§ PROBLEM STATEMENT:
Each record that follows is to be transcribed exactly, excluding its images.

Records from a dataset

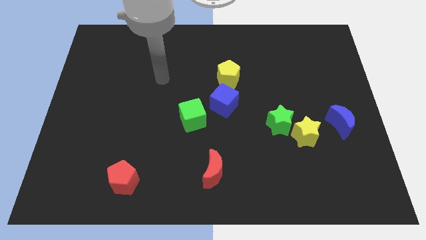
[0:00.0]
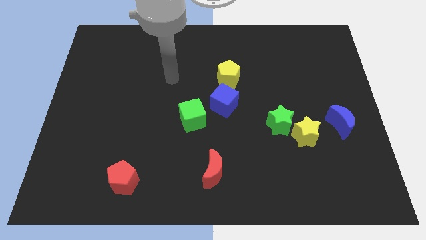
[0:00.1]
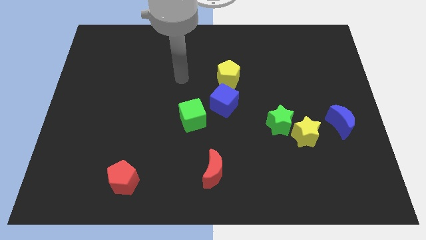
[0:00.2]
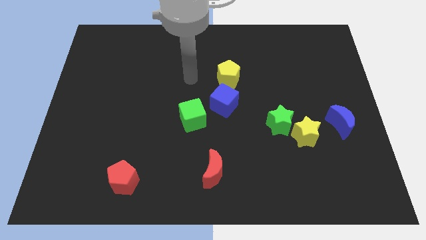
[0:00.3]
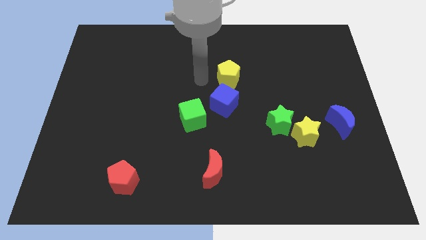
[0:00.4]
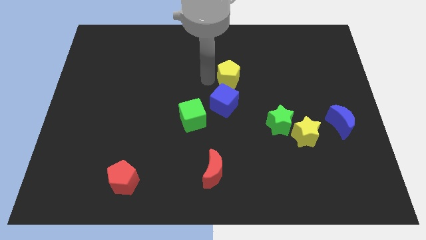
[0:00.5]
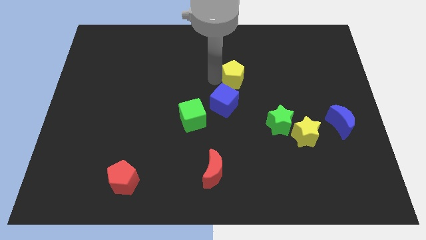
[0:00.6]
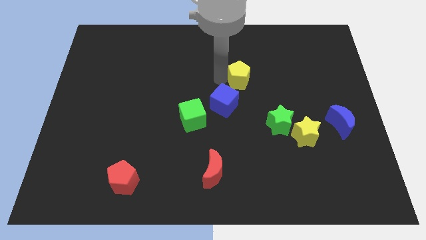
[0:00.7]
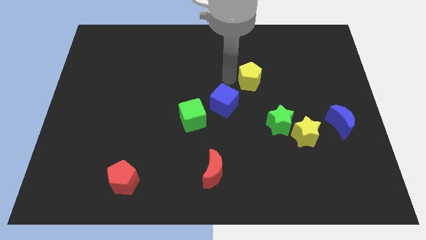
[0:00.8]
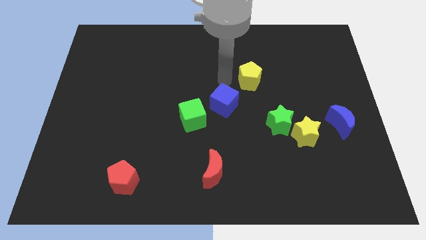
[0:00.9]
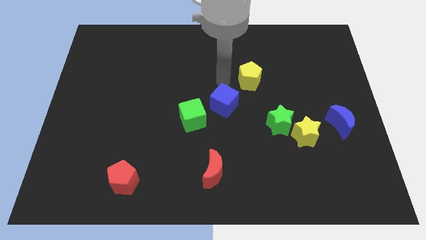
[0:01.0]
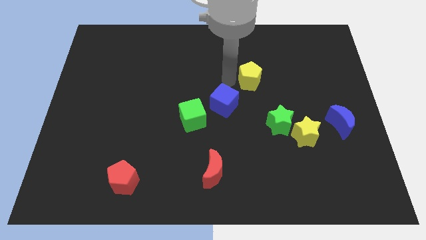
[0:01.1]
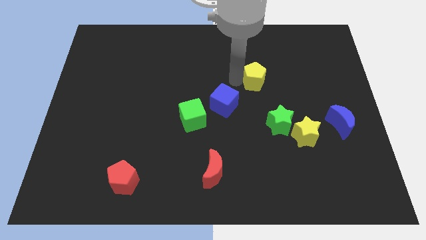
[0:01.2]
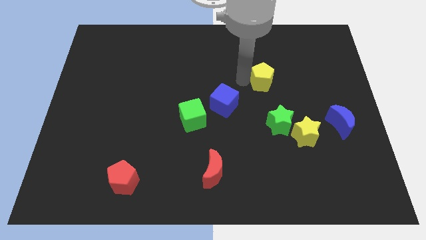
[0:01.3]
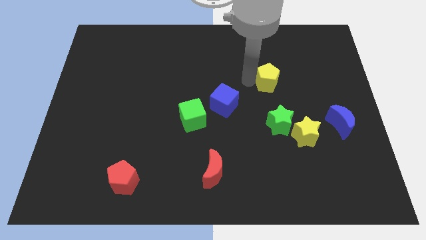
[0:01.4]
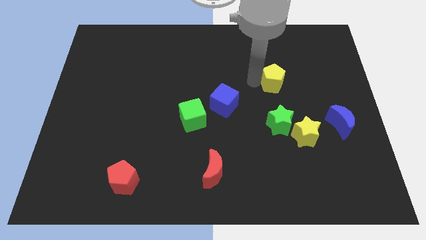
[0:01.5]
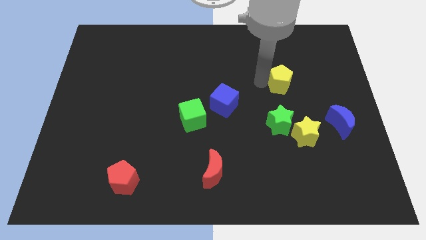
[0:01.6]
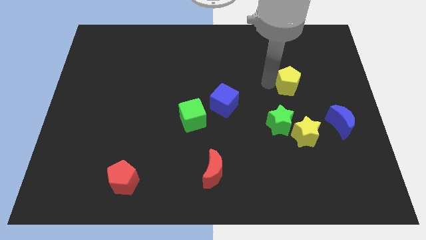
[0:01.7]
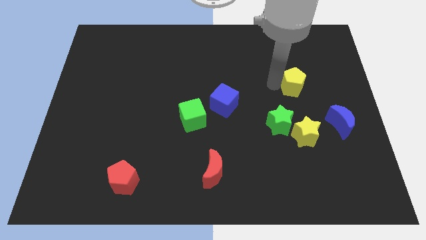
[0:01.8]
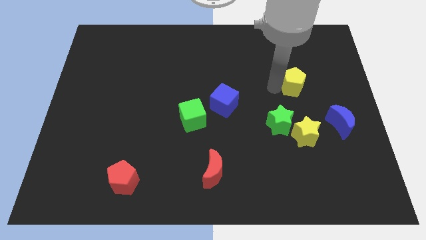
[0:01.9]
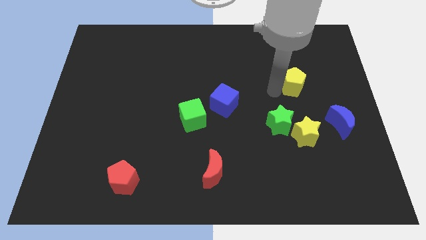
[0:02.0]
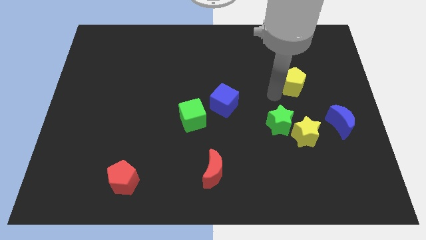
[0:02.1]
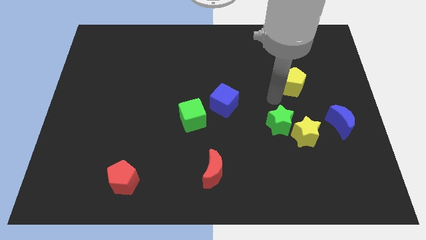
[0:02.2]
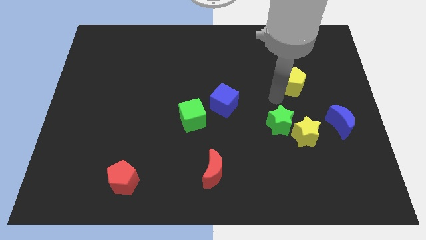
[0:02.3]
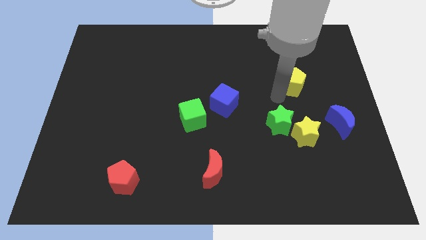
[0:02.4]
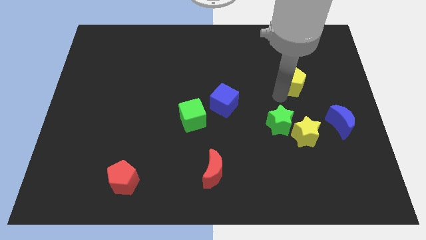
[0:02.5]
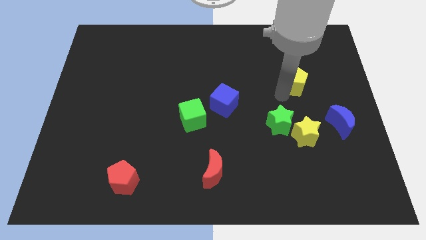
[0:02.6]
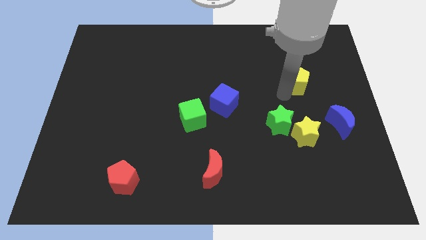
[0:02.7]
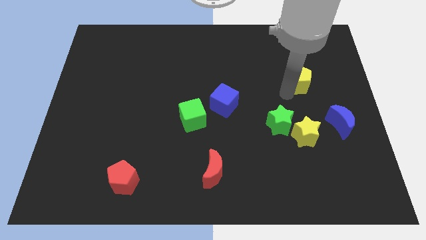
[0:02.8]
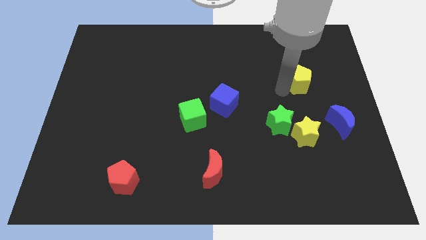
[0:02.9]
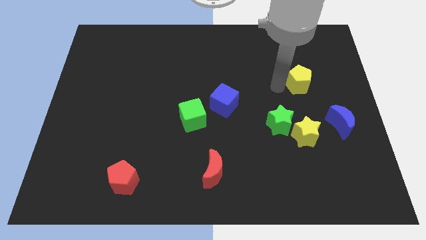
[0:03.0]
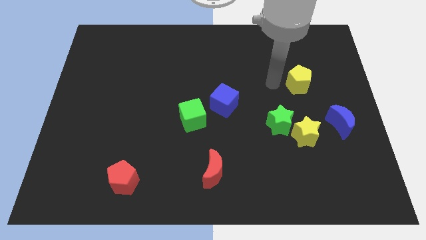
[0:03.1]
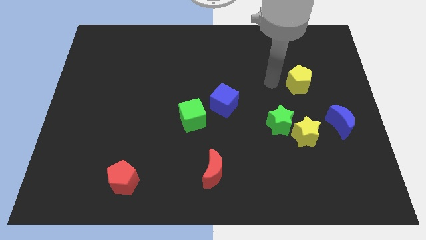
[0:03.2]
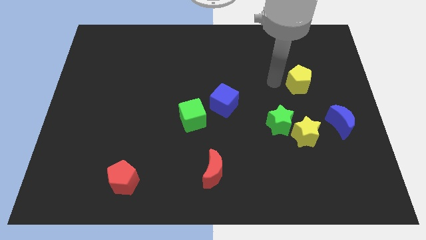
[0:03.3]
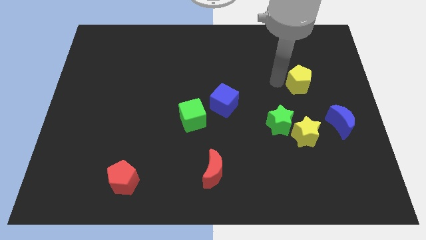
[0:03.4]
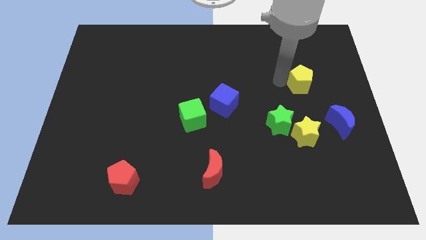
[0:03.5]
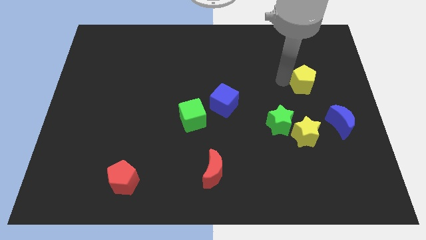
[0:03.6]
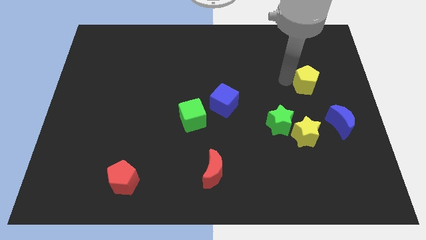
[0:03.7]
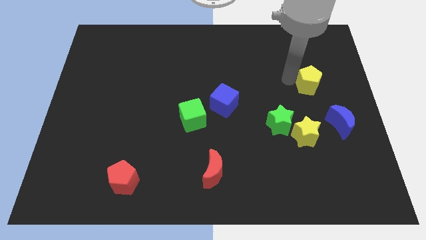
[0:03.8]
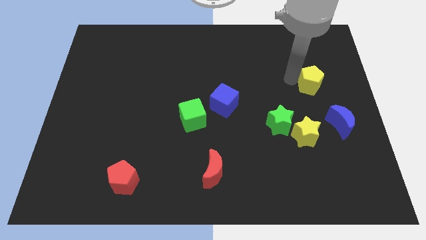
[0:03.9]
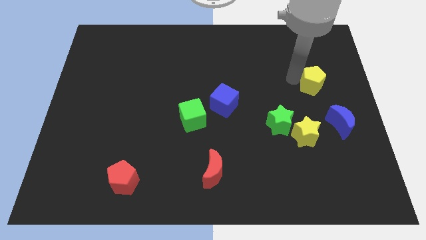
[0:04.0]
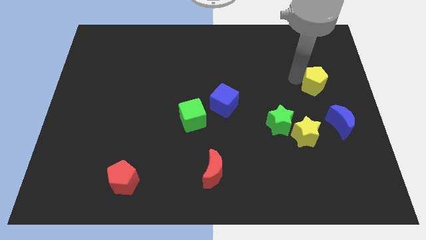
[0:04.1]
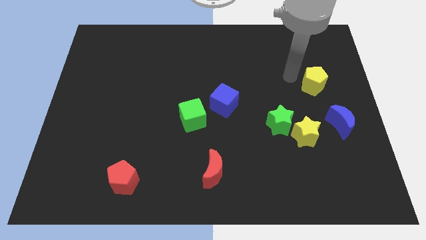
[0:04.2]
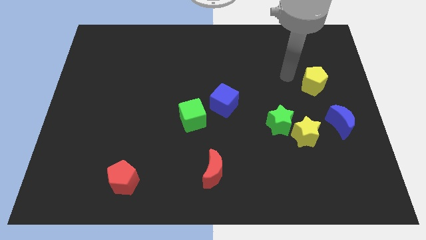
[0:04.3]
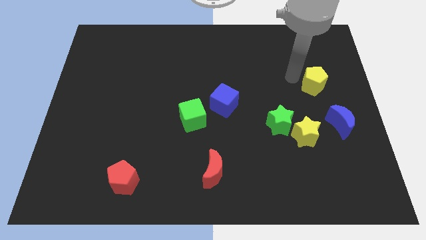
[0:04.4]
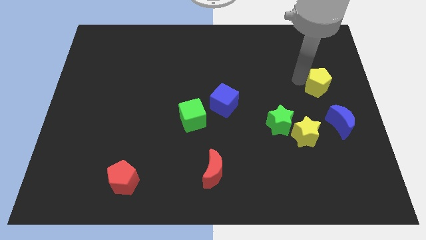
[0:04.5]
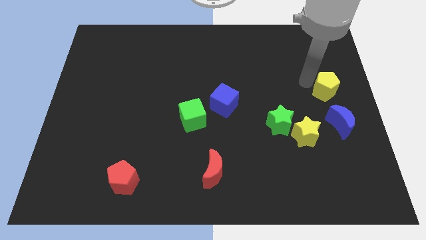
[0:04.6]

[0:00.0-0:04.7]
push the yellow pentagon to the right side

§ SOLUTION BELOW:
[0:00.0]
[0:00.1]
[0:00.2]
[0:00.3]
[0:00.4]
[0:00.5]
[0:00.6]
[0:00.7]
[0:00.8]
[0:00.9]
[0:01.0]
[0:01.1]
[0:01.2]
[0:01.3]
[0:01.4]
[0:01.5]
[0:01.6]
[0:01.7]
[0:01.8]
[0:01.9]
[0:02.0]
[0:02.1]
[0:02.2]
[0:02.3]
[0:02.4]
[0:02.5]
[0:02.6]
[0:02.7]
[0:02.8]
[0:02.9]
[0:03.0]
[0:03.1]
[0:03.2]
[0:03.3]
[0:03.4]
[0:03.5]
[0:03.6]
[0:03.7]
[0:03.8]
[0:03.9]
[0:04.0]
[0:04.1]
[0:04.2]
[0:04.3]
[0:04.4]
[0:04.5]
[0:04.6]

[0:00.0-0:04.7]
push the yellow pentagon to the right side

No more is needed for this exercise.